Even if $n$ random variables are binary, specifying their joint probability requires $2^n-1$ numbers, which becomes computationally problematic and impractical for large $n$. Belief networks or Bayesian networks are graphical models that allow for the decomposition (simplification) of the joint probability of a large number of random variables.

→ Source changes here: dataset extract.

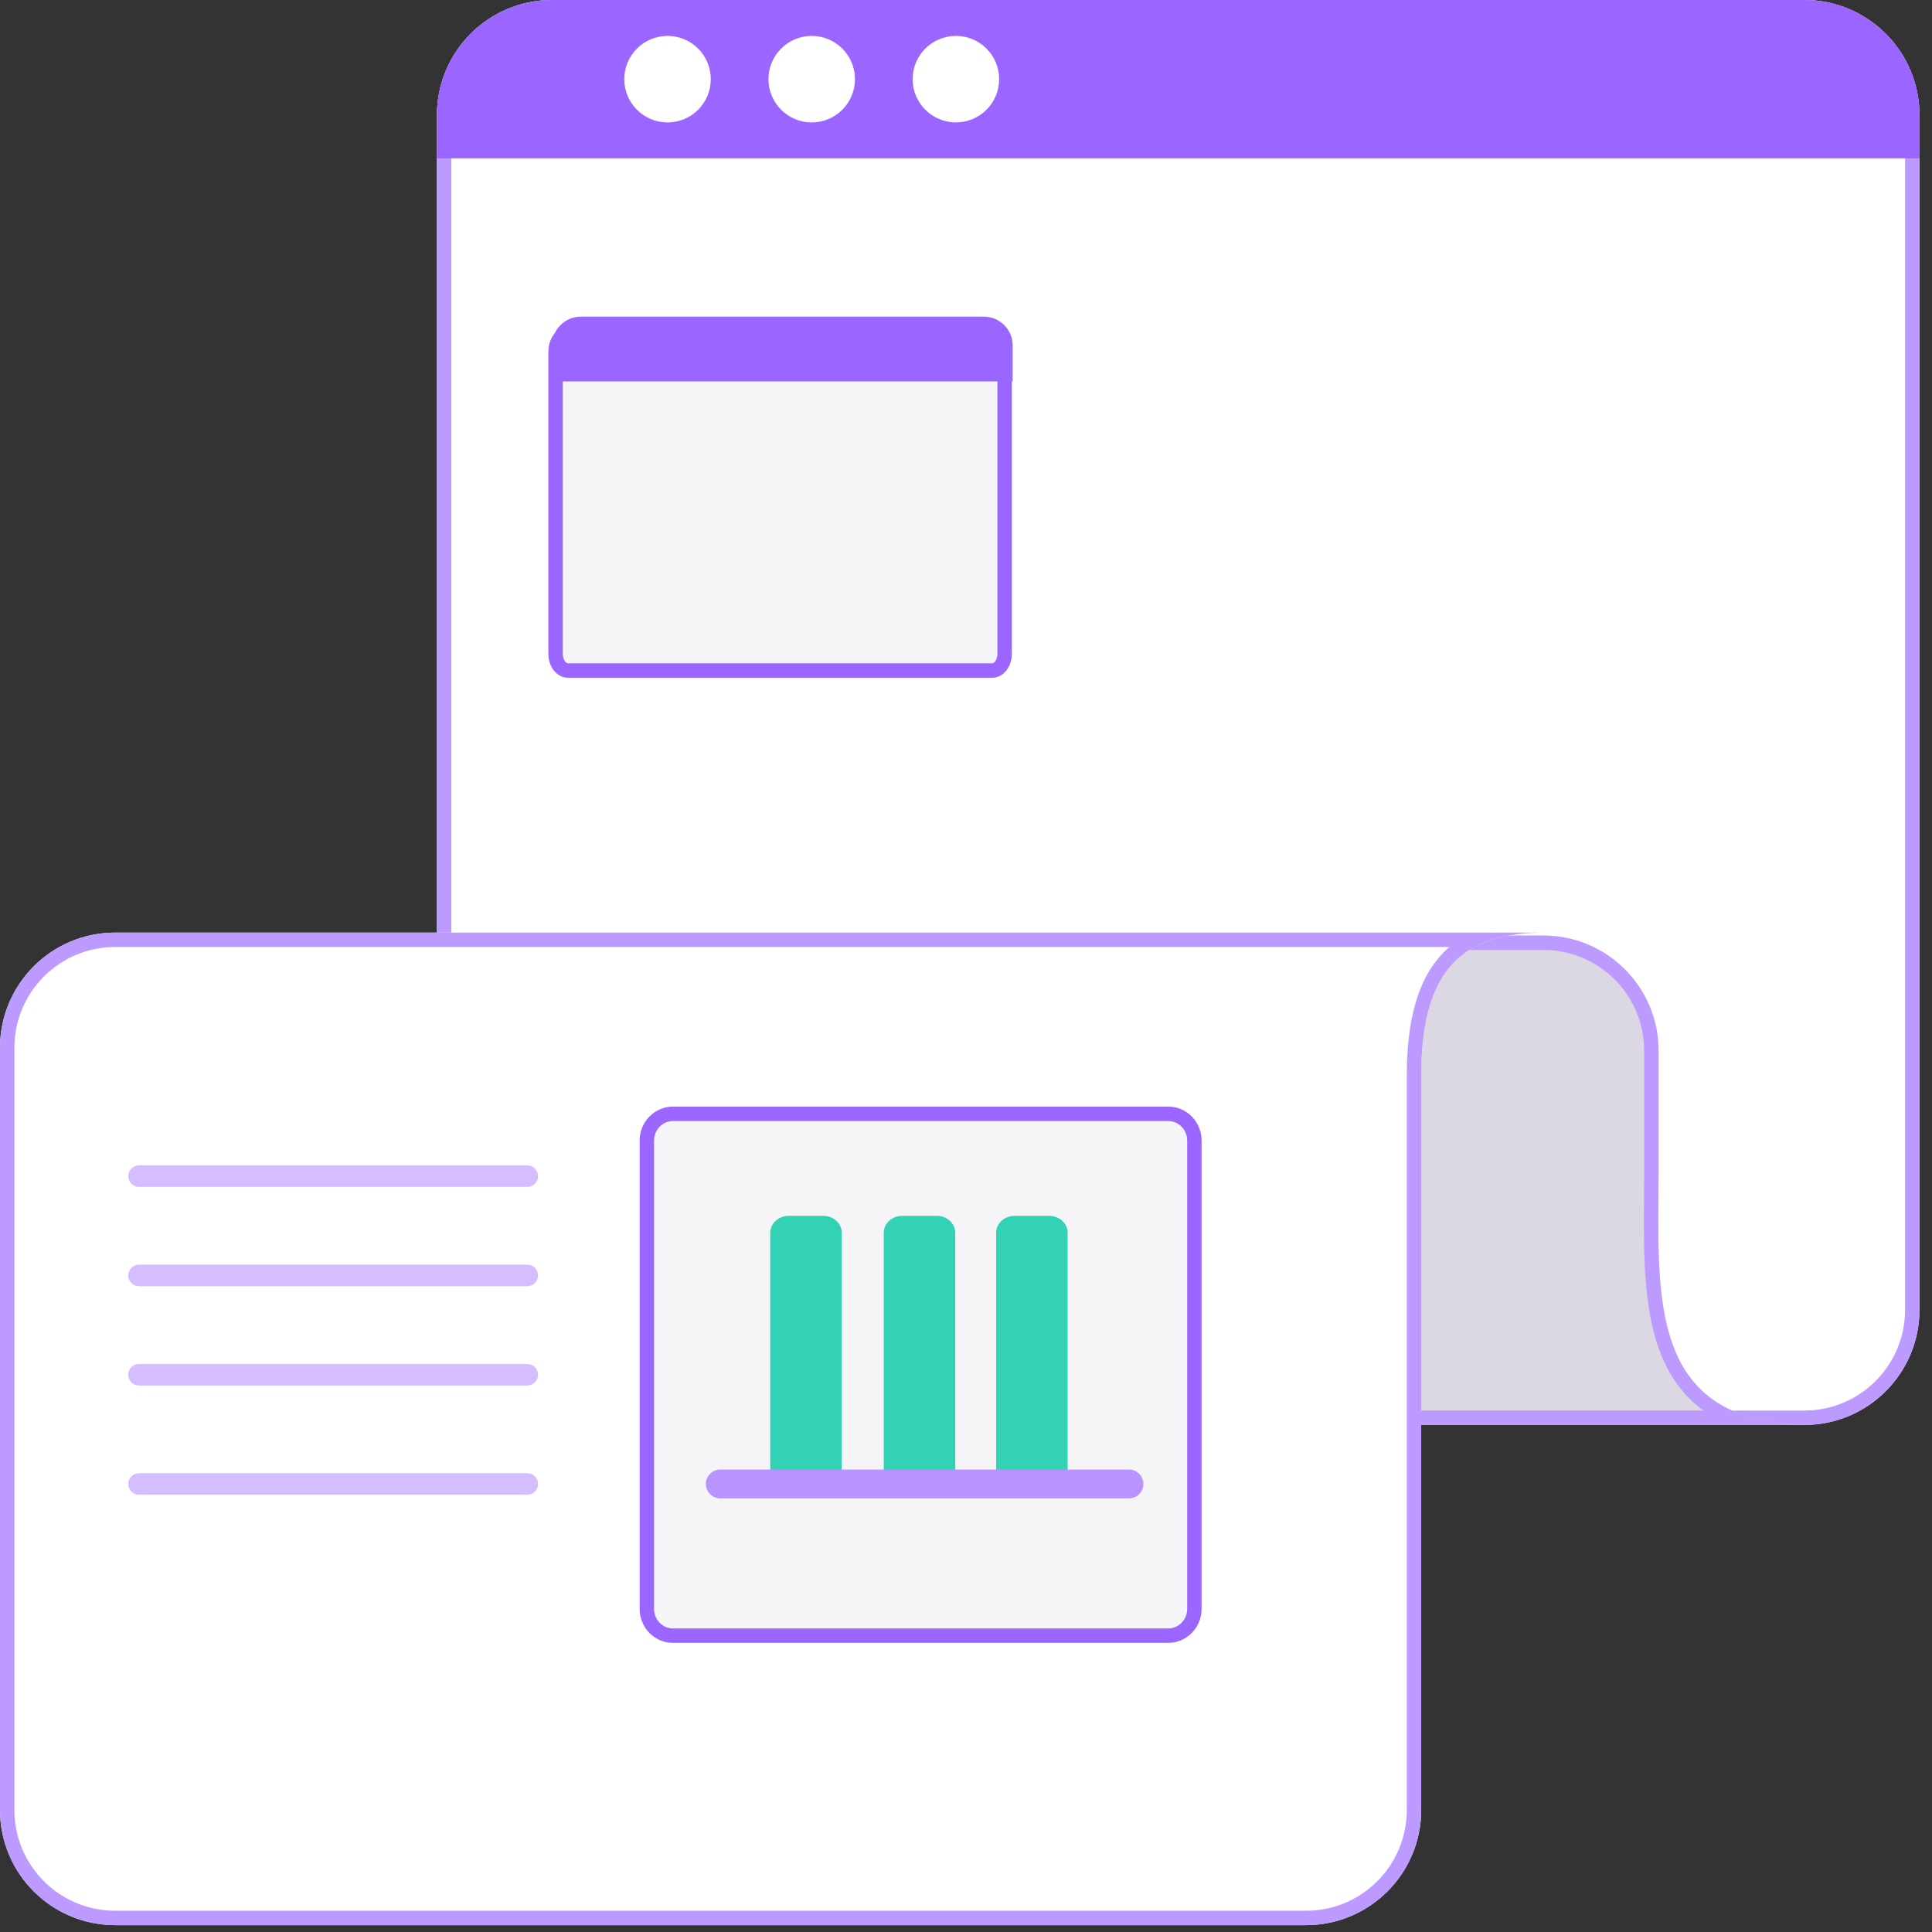 <?xml version="1.0" encoding="UTF-8"?> <svg xmlns="http://www.w3.org/2000/svg" width="134" height="134" viewBox="0 0 134 134" fill="none"><rect x="0" y="0" width="134" height="134" fill="#333333" stroke="none"/><path d="M30.305 7.986C30.305 3.576 33.88 0 38.291 0H125.144C129.555 0 133.13 3.576 133.13 7.986V90.846C133.13 95.257 129.555 98.832 125.144 98.832H38.291C33.88 98.832 30.305 95.257 30.305 90.846V7.986Z" fill="white"></path><path d="M125.144 97.834V98.832H38.291V97.834H125.144ZM132.132 90.846V7.986C132.132 4.127 129.003 0.998 125.144 0.998H38.291C34.492 0.998 31.401 4.03 31.305 7.806L31.303 7.986V90.846C31.303 94.706 34.432 97.834 38.291 97.834V98.832C33.88 98.832 30.305 95.257 30.305 90.846V7.986C30.305 3.576 33.88 4.0198e-08 38.291 0H125.144L125.35 0.002C129.666 0.112 133.13 3.645 133.13 7.986V90.846L133.128 91.052C133.02 95.299 129.597 98.722 125.35 98.83L125.144 98.832V97.834C129.003 97.834 132.132 94.706 132.132 90.846Z" fill="#BC9AFF"></path><path d="M30.305 7.986C30.305 3.576 33.88 0 38.291 0H125.144C129.555 0 133.13 3.576 133.13 7.986V10.981H30.305V7.986Z" fill="#9B66FF"></path><path d="M46.299 8.491C47.956 8.491 49.299 7.148 49.299 5.491C49.299 3.834 47.956 2.491 46.299 2.491C44.642 2.491 43.299 3.834 43.299 5.491C43.299 7.148 44.642 8.491 46.299 8.491Z" fill="white"></path><path d="M56.299 8.491C57.956 8.491 59.299 7.148 59.299 5.491C59.299 3.834 57.956 2.491 56.299 2.491C54.642 2.491 53.299 3.834 53.299 5.491C53.299 7.148 54.642 8.491 56.299 8.491Z" fill="white"></path><path d="M66.299 8.491C67.956 8.491 69.299 7.148 69.299 5.491C69.299 3.834 67.956 2.491 66.299 2.491C64.642 2.491 63.299 3.834 63.299 5.491C63.299 7.148 64.642 8.491 66.299 8.491Z" fill="white"></path><path d="M107.048 64.89H97.192C92.781 64.89 89.205 68.465 89.205 72.876V90.846C89.205 95.256 92.781 98.832 97.192 98.832H125.643C114.112 98.832 115.035 89.816 115.035 81.331V72.876C115.035 68.465 111.459 64.89 107.048 64.89Z" fill="#DBD7E3"></path><path d="M114.037 81.331V72.876C114.037 69.077 111.005 65.986 107.229 65.89L107.048 65.888H97.192C93.332 65.888 90.203 69.017 90.203 72.876V90.846C90.203 94.705 93.332 97.834 97.192 97.834V98.832C92.781 98.832 89.205 95.256 89.205 90.846V72.876C89.205 68.465 92.781 64.89 97.192 64.89H107.048C111.459 64.89 115.035 68.465 115.035 72.876V81.331L115.027 82.925C114.968 90.908 114.833 98.832 125.643 98.832H97.192V97.834H118.147C116.645 96.739 115.684 95.268 115.077 93.606C114.42 91.808 114.169 89.767 114.074 87.691C113.978 85.622 114.037 83.414 114.037 81.331Z" fill="#BC9AFF"></path><path d="M46.511 95.349C47.489 95.349 48.282 94.579 48.282 93.627C48.282 92.677 47.489 91.906 46.511 91.906C45.532 91.906 44.739 92.677 44.739 93.627C44.739 94.579 45.532 95.349 46.511 95.349Z" fill="#4600CC"></path><path d="M98.571 74.595V125.537C98.571 129.948 94.996 133.523 90.585 133.523H7.986C3.576 133.523 0 129.948 0 125.537V72.671C0 68.26 3.576 64.684 7.986 64.684H107.143C101.571 64.684 98.571 67.095 98.571 74.595Z" fill="white"></path><path d="M0 125.537V72.671C0 68.26 3.576 64.684 7.986 64.684H107.143C101.571 64.684 98.571 67.095 98.571 74.595V125.537L98.569 125.743C98.461 129.99 95.038 133.413 90.791 133.521L90.585 133.523V132.525C94.444 132.525 97.573 129.396 97.573 125.537V74.595C97.573 70.747 98.336 67.957 100.04 66.144C100.193 65.98 100.353 65.827 100.518 65.682H7.986C4.127 65.682 0.998 68.811 0.998 72.671V125.537C0.998 129.396 4.127 132.525 7.986 132.525V133.523L7.78 133.521C3.533 133.413 0.11 129.99 0.002 125.743L0 125.537ZM90.585 132.525V133.523H7.986V132.525H90.585Z" fill="#BC9AFF"></path><path d="M81.032 76.754H46.672C45.398 76.754 44.365 77.808 44.365 79.109V111.589C44.365 112.89 45.398 113.944 46.672 113.944H81.032C82.306 113.944 83.339 112.89 83.339 111.589V79.109C83.339 77.808 82.306 76.754 81.032 76.754Z" fill="#F5F4F6"></path><path d="M81.032 112.946V113.944H46.672V112.946H81.032ZM82.341 111.589V79.109C82.341 78.34 81.736 77.752 81.032 77.752H46.672C45.969 77.752 45.364 78.34 45.364 79.109V111.589C45.364 112.358 45.969 112.946 46.672 112.946V113.944C45.398 113.944 44.365 112.89 44.365 111.589V79.109C44.365 77.808 45.398 76.754 46.672 76.754H81.032C82.306 76.754 83.339 77.808 83.339 79.109V111.589L83.336 111.711C83.274 112.955 82.266 113.944 81.032 113.944V112.946C81.736 112.946 82.341 112.358 82.341 111.589Z" fill="#9B66FF"></path><path d="M62.569 84.33H64.981C65.686 84.33 66.255 84.858 66.255 85.51V102.925H61.295V85.51C61.295 84.858 61.864 84.33 62.569 84.33Z" fill="#33D2B5"></path><path d="M54.697 84.33H57.109C57.814 84.33 58.383 84.858 58.383 85.51V102.925H53.423V85.51C53.423 84.858 53.992 84.33 54.697 84.33Z" fill="#33D2B5"></path><path d="M70.364 84.33H72.776C73.481 84.33 74.05 84.858 74.05 85.51V102.925H69.09V85.51C69.09 84.858 69.659 84.33 70.364 84.33Z" fill="#33D2B5"></path><path d="M49.956 102.925L78.301 102.925" stroke="#B994FF" stroke-width="2" stroke-miterlimit="10" stroke-linecap="round"></path><path d="M36.57 87.713C36.983 87.713 37.319 88.049 37.319 88.462C37.319 88.85 37.024 89.169 36.646 89.207L36.57 89.211H9.642C9.229 89.211 8.894 88.876 8.894 88.462C8.894 88.049 9.229 87.713 9.642 87.713H36.57Z" fill="#D4BEFF"></path><path d="M36.57 80.827C36.983 80.827 37.319 81.162 37.319 81.575C37.319 81.963 37.024 82.282 36.646 82.32L36.57 82.324H9.642C9.229 82.324 8.894 81.989 8.894 81.575C8.894 81.162 9.229 80.827 9.642 80.827H36.57Z" fill="#D4BEFF"></path><path d="M36.57 94.601C36.983 94.601 37.319 94.936 37.319 95.349C37.319 95.737 37.024 96.056 36.646 96.094L36.57 96.098H9.642C9.229 96.098 8.894 95.763 8.894 95.349C8.894 94.936 9.229 94.601 9.642 94.601H36.57Z" fill="#D4BEFF"></path><path d="M36.57 102.177C36.983 102.177 37.319 102.512 37.319 102.925C37.319 103.313 37.024 103.632 36.646 103.67L36.57 103.674H9.642C9.229 103.674 8.894 103.339 8.894 102.925C8.894 102.512 9.229 102.177 9.642 102.177H36.57Z" fill="#D4BEFF"></path><path fill-rule="evenodd" clip-rule="evenodd" d="M68.829 47.006H39.388C38.641 47.006 38.035 46.267 38.035 45.352V24.359C38.035 23.257 38.929 22.363 40.032 22.363H68.181C69.284 22.363 70.178 23.257 70.178 24.359V45.352C70.178 46.263 69.572 47.006 68.826 47.006" fill="#F5F4F6"></path><path d="M68.181 22.363C69.284 22.363 70.178 23.257 70.178 24.359V45.353C70.178 46.263 69.572 47.005 68.826 47.006H39.387C38.641 47.005 38.035 46.267 38.035 45.353V24.359C38.035 23.257 38.929 22.363 40.032 22.363H68.181ZM40.032 23.361C39.48 23.361 39.033 23.808 39.033 24.359V45.353L39.037 45.44C39.053 45.639 39.125 45.793 39.204 45.889C39.292 45.997 39.362 46.007 39.387 46.007H68.826C68.849 46.007 68.92 45.998 69.009 45.889C69.1 45.778 69.18 45.591 69.18 45.353V24.359C69.18 23.843 68.787 23.418 68.283 23.366L68.181 23.361H40.032Z" fill="#9B66FF"></path><path d="M38.29 23.959C38.29 22.857 39.184 21.963 40.287 21.963H68.239C69.342 21.963 70.236 22.857 70.236 23.959V26.455H38.29V23.959Z" fill="#9B66FF"></path></svg>

This paper continues the discussion of probability theory, combinatorial and Bayesian methods. First, you should look into the Introduction to Logic and the connection between logic and probability.


Bayesian network

Let's consider the joint probability function $P(X_1,...,X_n)$ for $n$ events or random variables $X_1,...,X_n$. The Chain Rule: $$ P(X_1,...,X_n) = P(X_1)\cdot P(X_1\to X_2)\cdot P(X_1,X_2\to X_3)\cdot....\cdot P(X_1,X_2,...,X_{n-1}\to X_n), $$ can be represented as a directed acyclic graph. The nodes of the graph represent random variables, and the arrows entering a node represent conditions in the chain identity. Since the order of arguments in the right-hand side can be chosen arbitrarily, there exist $n!$ various graphs describing the joint probability. Below, the first figure shows a graph for $n=4$. The remaining 23 graphs are obtained by permutations of nodes:

If some random variables are conditionally independent, the graph simplifies (some edges disappear). The second example above is for the case where $X_2$, $X_3$ are conditionally independent given $X_1$, and for $X_4$ performed $P(X_1,X_2,X_3\to X_4)=P(X_2,X_3\to X_4)$, meaning it is conditionally independent of $X_1$. In this case, the joint probability is: $$ P(X_1,X_2,X_3,X_4) = P(X_1)\,P(X_1\to X_2)\,P(X_1\to X_3)\,P(X_2,X_3\to X_4). $$

Typically, a network is constructed based on immediate causal dependencies among random variables. After it's constructed, conditional probabilities $P(X_1,...,X_k\to X)$ are assigned to each node, where $X_1,...,X_k$ - are the incoming nodes to node $X$. Then, the joint probability can be expressed as the product of all these probabilities. Having joint probabilities, you can obtain answers to any questions about compound or conditional events.


Fred and his alarm system

Let's consider a classic example. Suppose Fred from California has installed an alarm system in his house, that can go off if an (Earthquake) occurs.
While he's driving, he receives an (Alarm) notification. While listening to the (Radio), he doesn't hear any earthquake reports (although there might not have been any). What is the probability that a (Burglar) has entered the house?? The corresponding Bayesian network is shown on the right (the burglar or earthquake can directly influence the alarm, while only the earthquake can influence the radio message). For this network, the joint probability is: $$ P(B,E,A,R) = P(B)\cdot P(E)\cdot P(B,E \to A)\cdot P(E\to R) = \frac{P(B,E,A)\,P(E,R)}{P(E)}. $$ To express this, we multiply all nodes in the network. If there are no edges entering a node (above $B$ and $E$), the multiplier will be equal to the probability of the variable: $P(B) P(E)$. For nodes with incoming edges, the conditional probability acts as the multiplier, where the conditions are the variables from which the edges originate.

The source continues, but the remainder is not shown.